The action follows an earlier statement of intent from the FDA that it would take harsh action against companies that attempted to profit from the Bird Flu crisis that has been named as a public health emergency by the Secretary of Health and Human Services, Kathleen Sebelius.
The World Health Organization estimates 700 people have died as a result of the virus.
The FDA gave Master Supplements 48 hours to send it an email detailing what actions it would take to alter messaging for probiotic supplements on its websites: www.acidophilus-immune-health.com and http://www.master-supplements.com.
FDA inspectors determined that the websites promoted a product, Theralac, that marketed products, “intended to diagnose, mitigate, prevent, treat, or cure the H1N1 Flu Virus in people”.
“We request that you immediately cease marketing unapproved, uncleared, or unauthorized products for the diagnosis, mitigation, prevention, treatment, or cure of the H1N1 Flu Virus,” FDA wrote to the company.
It said the marketing breached the Federal Food, Drug, and Cosmetic Act (FFDC Act).
The offending claims included: "The saying goes 'an ounce of prevention is worth a pound of the cure'. Probiotics such as Theralac are a very affordable 'ounce of prevention'. An up-regulated immune system is a healthy immune system. Order Theralac now.... Get one bottle to take ongoing and one to keep on hand if Swine Flu turns pandemic."

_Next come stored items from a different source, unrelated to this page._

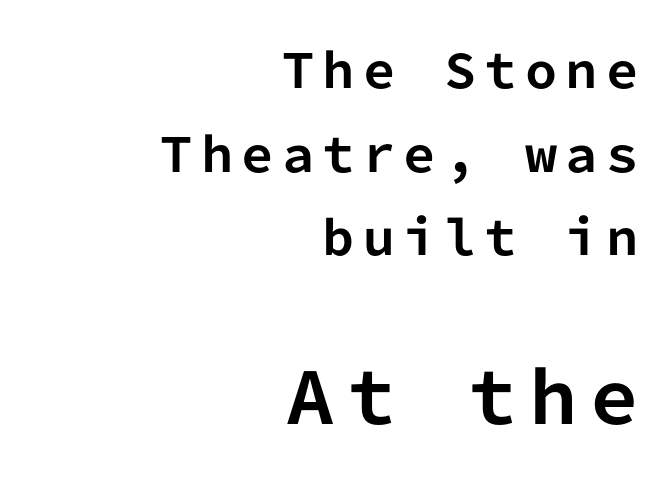
The image shows 69 px bold sans-serif type, upright, monospaced; set right-aligned, line spacing 1.82x, not underlined; the second (bottom) block is 1.5x larger; low stroke contrast and a medium x-height.
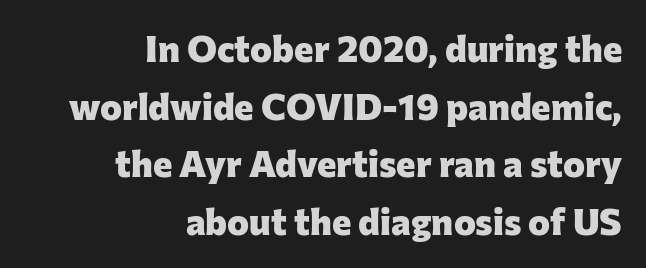
The face used here is proportionally spaced, like ordinary book or web type. Type without underlining. The text block is weighted toward the right margin, trailing off unevenly leftward. Spacing between characters is what you'd get straight out of the box. A typesetter would call this leading conventional body-copy spacing.
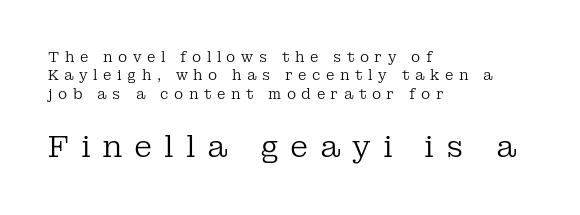
Q: Is the text bold? A: No.
Q: Is the text italic (slanted)? A: No, it is upright.
Q: Is the typeface a serif or a sans-serif typeface? A: Serif.
Q: Is the text underlined? A: No.
Q: How is the paragraph aligned? A: Left-aligned.
Q: Is the spacing between letters normal or unusually wide? A: Unusually wide.
Q: Is the spacing between lines tight, normal or loose? A: Normal.
Q: Which block of text is set in a larger size, the first (top) or the second (bottom)? A: The second (bottom) one.
Q: Width (condensed, normal, or wide)? A: Normal.
Q: Stroke contrast? A: Low.
Q: x-height? A: Medium.
Q: Monospaced? A: No.
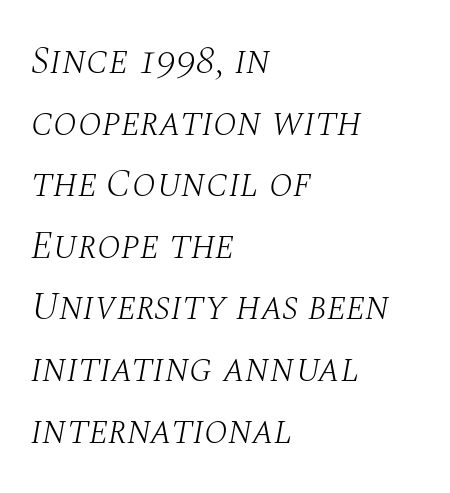
Q: Is the text bold? A: No.
Q: Is the text italic (slanted)? A: Yes, it leans right by about 10 degrees.
Q: Is the typeface a serif or a sans-serif typeface? A: Serif.
Q: Is the text underlined? A: No.
Q: How is the paragraph aligned? A: Left-aligned.
Q: Is the spacing between letters normal or unusually wide? A: Normal.
Q: Is the spacing between lines tight, normal or loose? A: Normal.
Q: Width (condensed, normal, or wide)? A: Normal.
Q: Stroke contrast? A: Medium.
Q: x-height? A: Large.
Q: Monospaced? A: No.
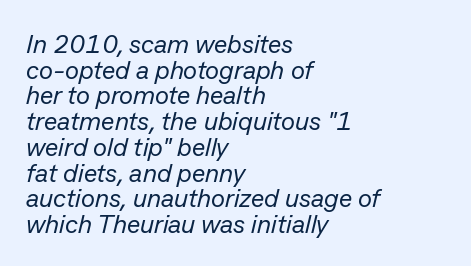
Q: Is the text bold? A: No.
Q: Is the text italic (slanted)? A: Yes, it leans right by about 13 degrees.
Q: Is the text underlined? A: No.
Q: How is the paragraph aligned? A: Left-aligned.
Q: Is the spacing between letters normal or unusually wide? A: Normal.
Q: Is the spacing between lines tight, normal or loose? A: Tight.
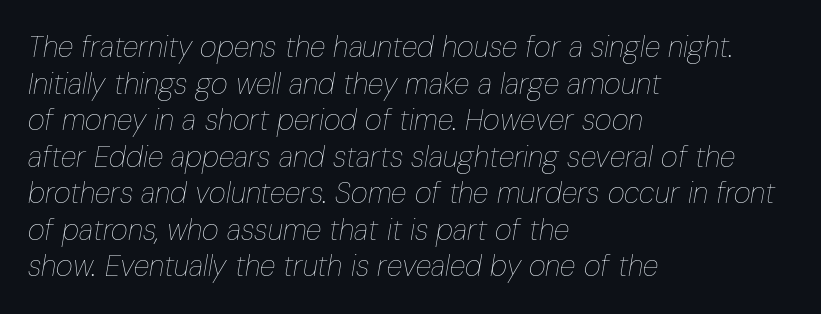
The image shows 29 px thin, condensed type, italic (leaning right); set left-aligned, normal line spacing (1.26x), normal letter spacing, not underlined; low stroke contrast and a medium x-height.
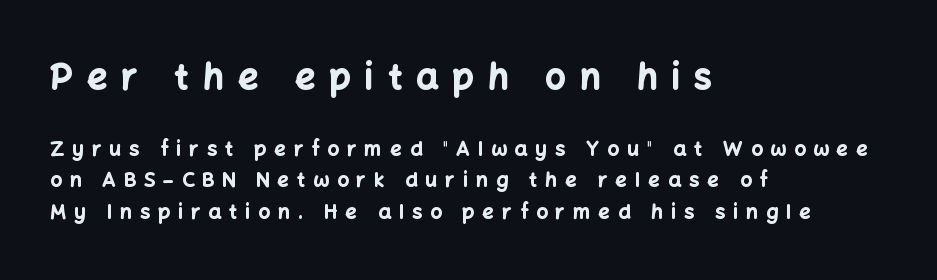
Here the first block reads like a headline and the second like body copy. You could only call the tracking loose — the letters float apart. Vertical strokes here are truly vertical. The lines in this sample share a left origin and differ only in where they stop.
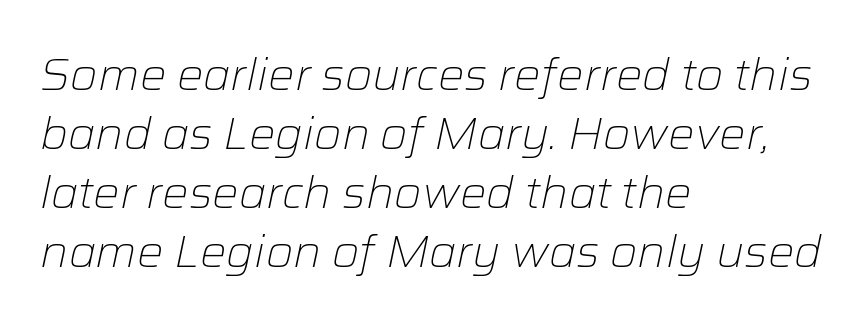
Letters have the restrained weight of plain body copy at most. The line-height multiplier appears to be the usual default. Note the varied advance widths — an 'i' is clearly narrower than an 'm'. The passage shown is not underscored anywhere. It's the slanting kind of type. Does extra space separate the letters? No, they use regular spacing.
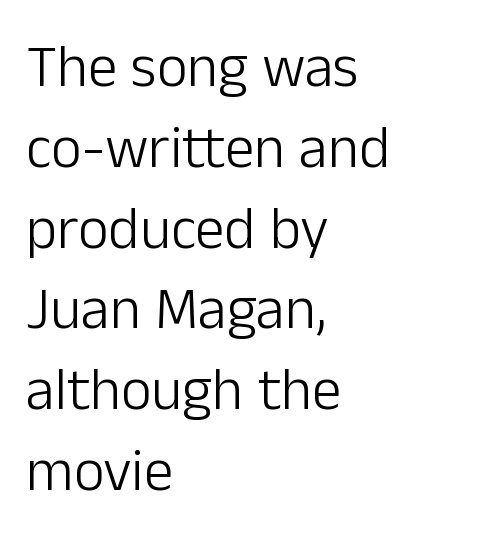
{"serif": "no", "italic": "no", "bold": "no", "weight": "light", "width": "normal", "stroke_contrast": "low", "x_height": "medium", "monospaced": "no", "underline": "no", "align": "left", "line_spacing": "normal", "line_spacing_ratio": 1.37, "letter_spacing": "normal", "letter_spacing_em": 0.0, "glyph_px": 59}
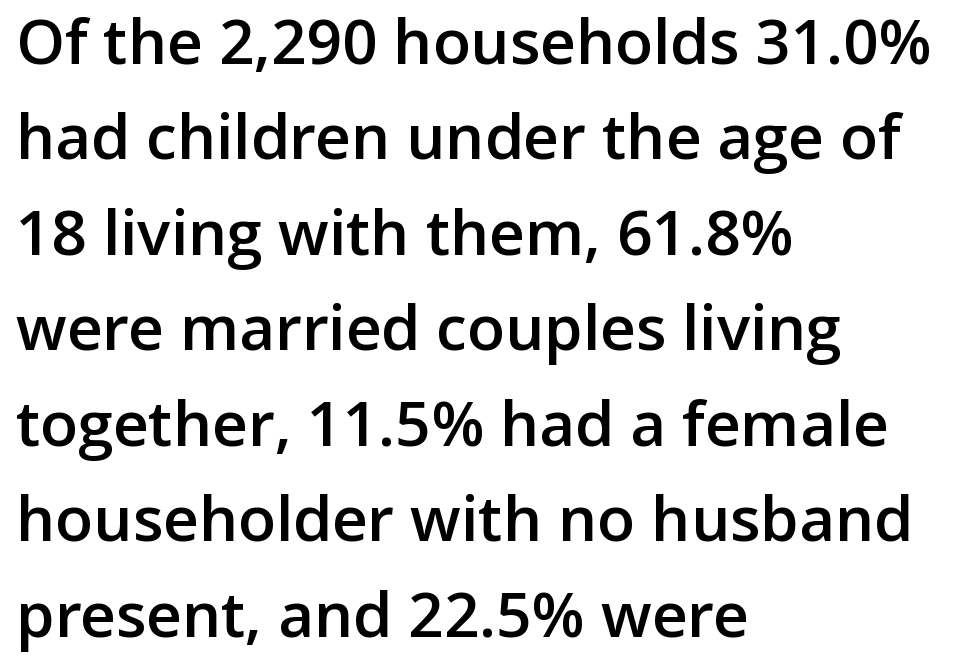
In terms of weight, the rendering is demibold, just under bold. Reading down the block, your eye returns to a fixed left position each line. Caption: standard tracking, unaltered. The rendering uses natural spacing where letterforms have individual widths. Horizontal bands of white between lines are of average thickness.
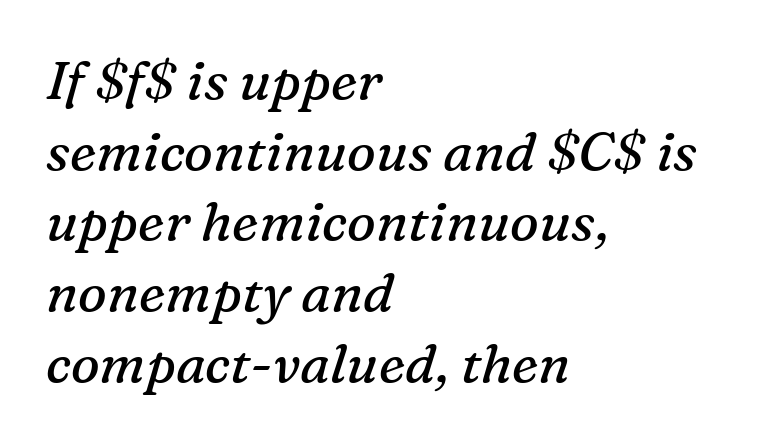
The image shows 54 px regular-weight serif type, italic (leaning right); set left-aligned, normal line spacing (1.31x), normal letter spacing, not underlined; medium stroke contrast and a medium x-height.

Another claim referenced a doctor who placed, “emphasis on supplements such as PROBIOTICS that enhance the immune system.”
FDA noted that while certain products could gain special dispensation to treat swine flu, as requested by the US Centers for Disease Control and Prevention, this was not the case with Theralac.
“The marketing and sale of unapproved or uncleared H1N1 Flu Virus related products that are not authorized by and used in accordance with the conditions of an Emergency Use Authorization, is a potentially significant threat to the public health,” FDA said.
“We advise you to review your websites, product labels, and other labeling and promotional materials to ensure that the claims you make for your products do not adulterate or misbrand the products in violation of the FFDC Act.”
Potential FDA actions include seizure and injunction, or prosecution by the FDA’s Office of Criminal Investigations.
The FDA has warned customers to avoid non-approved products.